WORK TO COMPLETE
All records should be reproduced verbatim.

TASK INPUT
◆ ◆ ◆ ◆ ◆

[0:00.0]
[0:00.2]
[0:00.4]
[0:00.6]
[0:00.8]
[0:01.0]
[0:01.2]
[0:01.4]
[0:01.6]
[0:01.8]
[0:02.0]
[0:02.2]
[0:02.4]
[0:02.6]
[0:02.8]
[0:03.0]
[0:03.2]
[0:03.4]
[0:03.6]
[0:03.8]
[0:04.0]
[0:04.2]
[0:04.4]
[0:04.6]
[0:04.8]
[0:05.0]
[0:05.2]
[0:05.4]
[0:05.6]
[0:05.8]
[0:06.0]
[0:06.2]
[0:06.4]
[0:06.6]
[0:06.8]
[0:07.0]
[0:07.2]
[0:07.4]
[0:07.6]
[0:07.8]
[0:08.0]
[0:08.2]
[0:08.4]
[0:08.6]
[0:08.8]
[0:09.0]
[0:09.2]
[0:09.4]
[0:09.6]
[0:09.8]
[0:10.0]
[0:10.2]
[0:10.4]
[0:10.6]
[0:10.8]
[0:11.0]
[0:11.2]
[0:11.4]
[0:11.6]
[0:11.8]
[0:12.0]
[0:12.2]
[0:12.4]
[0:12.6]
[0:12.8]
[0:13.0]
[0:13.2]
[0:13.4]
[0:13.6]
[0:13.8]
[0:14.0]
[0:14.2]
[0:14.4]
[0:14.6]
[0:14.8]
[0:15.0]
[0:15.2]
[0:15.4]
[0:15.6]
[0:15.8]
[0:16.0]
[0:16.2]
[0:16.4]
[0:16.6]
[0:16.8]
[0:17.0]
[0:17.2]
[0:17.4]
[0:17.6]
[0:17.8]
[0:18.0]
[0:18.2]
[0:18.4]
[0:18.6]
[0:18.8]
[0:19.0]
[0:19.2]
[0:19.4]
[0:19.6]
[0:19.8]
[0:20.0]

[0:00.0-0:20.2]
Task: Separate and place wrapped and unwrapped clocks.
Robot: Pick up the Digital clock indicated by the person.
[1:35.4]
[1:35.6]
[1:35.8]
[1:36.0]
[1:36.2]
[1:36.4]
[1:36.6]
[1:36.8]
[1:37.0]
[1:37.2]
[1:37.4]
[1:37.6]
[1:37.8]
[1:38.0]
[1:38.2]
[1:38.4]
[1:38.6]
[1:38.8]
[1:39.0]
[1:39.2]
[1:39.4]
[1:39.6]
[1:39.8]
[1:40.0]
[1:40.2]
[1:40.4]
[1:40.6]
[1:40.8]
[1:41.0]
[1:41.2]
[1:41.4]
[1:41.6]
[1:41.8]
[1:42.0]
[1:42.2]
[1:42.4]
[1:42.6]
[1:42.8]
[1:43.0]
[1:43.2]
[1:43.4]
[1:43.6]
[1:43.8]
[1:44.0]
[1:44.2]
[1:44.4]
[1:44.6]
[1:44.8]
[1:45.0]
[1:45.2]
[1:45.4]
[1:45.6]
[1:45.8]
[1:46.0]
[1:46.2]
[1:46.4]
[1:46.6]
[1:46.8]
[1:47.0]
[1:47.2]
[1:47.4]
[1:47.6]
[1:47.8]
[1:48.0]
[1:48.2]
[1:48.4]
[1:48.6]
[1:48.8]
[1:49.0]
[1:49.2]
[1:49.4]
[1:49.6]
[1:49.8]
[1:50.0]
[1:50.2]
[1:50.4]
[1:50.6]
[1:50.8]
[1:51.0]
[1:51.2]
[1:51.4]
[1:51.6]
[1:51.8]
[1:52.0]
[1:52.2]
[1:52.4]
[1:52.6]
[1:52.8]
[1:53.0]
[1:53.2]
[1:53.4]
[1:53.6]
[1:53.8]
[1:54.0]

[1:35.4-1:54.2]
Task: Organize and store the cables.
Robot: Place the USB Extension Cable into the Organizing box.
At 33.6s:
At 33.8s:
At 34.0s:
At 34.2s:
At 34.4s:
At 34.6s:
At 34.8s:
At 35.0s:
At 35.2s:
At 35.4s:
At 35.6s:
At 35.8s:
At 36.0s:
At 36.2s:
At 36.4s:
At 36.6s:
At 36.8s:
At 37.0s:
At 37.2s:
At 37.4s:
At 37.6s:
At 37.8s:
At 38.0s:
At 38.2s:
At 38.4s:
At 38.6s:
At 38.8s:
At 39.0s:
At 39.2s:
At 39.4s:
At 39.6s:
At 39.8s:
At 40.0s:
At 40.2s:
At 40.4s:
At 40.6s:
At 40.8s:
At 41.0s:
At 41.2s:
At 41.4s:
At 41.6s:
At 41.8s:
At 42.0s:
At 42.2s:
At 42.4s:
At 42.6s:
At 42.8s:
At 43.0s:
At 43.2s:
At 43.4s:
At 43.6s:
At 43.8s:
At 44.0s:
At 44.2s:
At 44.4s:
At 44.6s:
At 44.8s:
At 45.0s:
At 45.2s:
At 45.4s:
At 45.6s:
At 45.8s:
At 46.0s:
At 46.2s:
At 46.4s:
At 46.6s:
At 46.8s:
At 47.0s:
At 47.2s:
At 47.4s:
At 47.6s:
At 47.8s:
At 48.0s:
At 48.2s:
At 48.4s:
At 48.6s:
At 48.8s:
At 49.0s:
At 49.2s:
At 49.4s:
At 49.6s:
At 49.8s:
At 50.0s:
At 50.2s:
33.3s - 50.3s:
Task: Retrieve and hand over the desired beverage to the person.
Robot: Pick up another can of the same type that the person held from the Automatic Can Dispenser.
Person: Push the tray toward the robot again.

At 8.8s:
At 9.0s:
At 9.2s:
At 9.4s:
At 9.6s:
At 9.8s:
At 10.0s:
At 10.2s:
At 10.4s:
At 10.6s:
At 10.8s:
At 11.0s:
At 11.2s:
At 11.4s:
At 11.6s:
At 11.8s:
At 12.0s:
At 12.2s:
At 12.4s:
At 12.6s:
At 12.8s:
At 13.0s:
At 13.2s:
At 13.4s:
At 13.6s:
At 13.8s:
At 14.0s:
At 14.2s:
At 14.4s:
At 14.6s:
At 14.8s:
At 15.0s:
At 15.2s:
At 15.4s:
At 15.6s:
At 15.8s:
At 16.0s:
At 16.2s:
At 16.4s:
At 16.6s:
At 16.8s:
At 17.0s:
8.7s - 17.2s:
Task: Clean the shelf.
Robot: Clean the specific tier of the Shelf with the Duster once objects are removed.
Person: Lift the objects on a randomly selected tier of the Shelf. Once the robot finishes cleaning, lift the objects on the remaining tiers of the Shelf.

◆ ◆ ◆ ◆ ◆

THE ANSWER
[0:00.0]
[0:00.2]
[0:00.4]
[0:00.6]
[0:00.8]
[0:01.0]
[0:01.2]
[0:01.4]
[0:01.6]
[0:01.8]
[0:02.0]
[0:02.2]
[0:02.4]
[0:02.6]
[0:02.8]
[0:03.0]
[0:03.2]
[0:03.4]
[0:03.6]
[0:03.8]
[0:04.0]
[0:04.2]
[0:04.4]
[0:04.6]
[0:04.8]
[0:05.0]
[0:05.2]
[0:05.4]
[0:05.6]
[0:05.8]
[0:06.0]
[0:06.2]
[0:06.4]
[0:06.6]
[0:06.8]
[0:07.0]
[0:07.2]
[0:07.4]
[0:07.6]
[0:07.8]
[0:08.0]
[0:08.2]
[0:08.4]
[0:08.6]
[0:08.8]
[0:09.0]
[0:09.2]
[0:09.4]
[0:09.6]
[0:09.8]
[0:10.0]
[0:10.2]
[0:10.4]
[0:10.6]
[0:10.8]
[0:11.0]
[0:11.2]
[0:11.4]
[0:11.6]
[0:11.8]
[0:12.0]
[0:12.2]
[0:12.4]
[0:12.6]
[0:12.8]
[0:13.0]
[0:13.2]
[0:13.4]
[0:13.6]
[0:13.8]
[0:14.0]
[0:14.2]
[0:14.4]
[0:14.6]
[0:14.8]
[0:15.0]
[0:15.2]
[0:15.4]
[0:15.6]
[0:15.8]
[0:16.0]
[0:16.2]
[0:16.4]
[0:16.6]
[0:16.8]
[0:17.0]
[0:17.2]
[0:17.4]
[0:17.6]
[0:17.8]
[0:18.0]
[0:18.2]
[0:18.4]
[0:18.6]
[0:18.8]
[0:19.0]
[0:19.2]
[0:19.4]
[0:19.6]
[0:19.8]
[0:20.0]

[0:00.0-0:20.2]
Task: Separate and place wrapped and unwrapped clocks.
Robot: Pick up the Digital clock indicated by the person.
[1:35.4]
[1:35.6]
[1:35.8]
[1:36.0]
[1:36.2]
[1:36.4]
[1:36.6]
[1:36.8]
[1:37.0]
[1:37.2]
[1:37.4]
[1:37.6]
[1:37.8]
[1:38.0]
[1:38.2]
[1:38.4]
[1:38.6]
[1:38.8]
[1:39.0]
[1:39.2]
[1:39.4]
[1:39.6]
[1:39.8]
[1:40.0]
[1:40.2]
[1:40.4]
[1:40.6]
[1:40.8]
[1:41.0]
[1:41.2]
[1:41.4]
[1:41.6]
[1:41.8]
[1:42.0]
[1:42.2]
[1:42.4]
[1:42.6]
[1:42.8]
[1:43.0]
[1:43.2]
[1:43.4]
[1:43.6]
[1:43.8]
[1:44.0]
[1:44.2]
[1:44.4]
[1:44.6]
[1:44.8]
[1:45.0]
[1:45.2]
[1:45.4]
[1:45.6]
[1:45.8]
[1:46.0]
[1:46.2]
[1:46.4]
[1:46.6]
[1:46.8]
[1:47.0]
[1:47.2]
[1:47.4]
[1:47.6]
[1:47.8]
[1:48.0]
[1:48.2]
[1:48.4]
[1:48.6]
[1:48.8]
[1:49.0]
[1:49.2]
[1:49.4]
[1:49.6]
[1:49.8]
[1:50.0]
[1:50.2]
[1:50.4]
[1:50.6]
[1:50.8]
[1:51.0]
[1:51.2]
[1:51.4]
[1:51.6]
[1:51.8]
[1:52.0]
[1:52.2]
[1:52.4]
[1:52.6]
[1:52.8]
[1:53.0]
[1:53.2]
[1:53.4]
[1:53.6]
[1:53.8]
[1:54.0]

[1:35.4-1:54.2]
Task: Organize and store the cables.
Robot: Place the USB Extension Cable into the Organizing box.
At 33.6s:
At 33.8s:
At 34.0s:
At 34.2s:
At 34.4s:
At 34.6s:
At 34.8s:
At 35.0s:
At 35.2s:
At 35.4s:
At 35.6s:
At 35.8s:
At 36.0s:
At 36.2s:
At 36.4s:
At 36.6s:
At 36.8s:
At 37.0s:
At 37.2s:
At 37.4s:
At 37.6s:
At 37.8s:
At 38.0s:
At 38.2s:
At 38.4s:
At 38.6s:
At 38.8s:
At 39.0s:
At 39.2s:
At 39.4s:
At 39.6s:
At 39.8s:
At 40.0s:
At 40.2s:
At 40.4s:
At 40.6s:
At 40.8s:
At 41.0s:
At 41.2s:
At 41.4s:
At 41.6s:
At 41.8s:
At 42.0s:
At 42.2s:
At 42.4s:
At 42.6s:
At 42.8s:
At 43.0s:
At 43.2s:
At 43.4s:
At 43.6s:
At 43.8s:
At 44.0s:
At 44.2s:
At 44.4s:
At 44.6s:
At 44.8s:
At 45.0s:
At 45.2s:
At 45.4s:
At 45.6s:
At 45.8s:
At 46.0s:
At 46.2s:
At 46.4s:
At 46.6s:
At 46.8s:
At 47.0s:
At 47.2s:
At 47.4s:
At 47.6s:
At 47.8s:
At 48.0s:
At 48.2s:
At 48.4s:
At 48.6s:
At 48.8s:
At 49.0s:
At 49.2s:
At 49.4s:
At 49.6s:
At 49.8s:
At 50.0s:
At 50.2s:
33.3s - 50.3s:
Task: Retrieve and hand over the desired beverage to the person.
Robot: Pick up another can of the same type that the person held from the Automatic Can Dispenser.
Person: Push the tray toward the robot again.

At 8.8s:
At 9.0s:
At 9.2s:
At 9.4s:
At 9.6s:
At 9.8s:
At 10.0s:
At 10.2s:
At 10.4s:
At 10.6s:
At 10.8s:
At 11.0s:
At 11.2s:
At 11.4s:
At 11.6s:
At 11.8s:
At 12.0s:
At 12.2s:
At 12.4s:
At 12.6s:
At 12.8s:
At 13.0s:
At 13.2s:
At 13.4s:
At 13.6s:
At 13.8s:
At 14.0s:
At 14.2s:
At 14.4s:
At 14.6s:
At 14.8s:
At 15.0s:
At 15.2s:
At 15.4s:
At 15.6s:
At 15.8s:
At 16.0s:
At 16.2s:
At 16.4s:
At 16.6s:
At 16.8s:
At 17.0s:
8.7s - 17.2s:
Task: Clean the shelf.
Robot: Clean the specific tier of the Shelf with the Duster once objects are removed.
Person: Lift the objects on a randomly selected tier of the Shelf. Once the robot finishes cleaning, lift the objects on the remaining tiers of the Shelf.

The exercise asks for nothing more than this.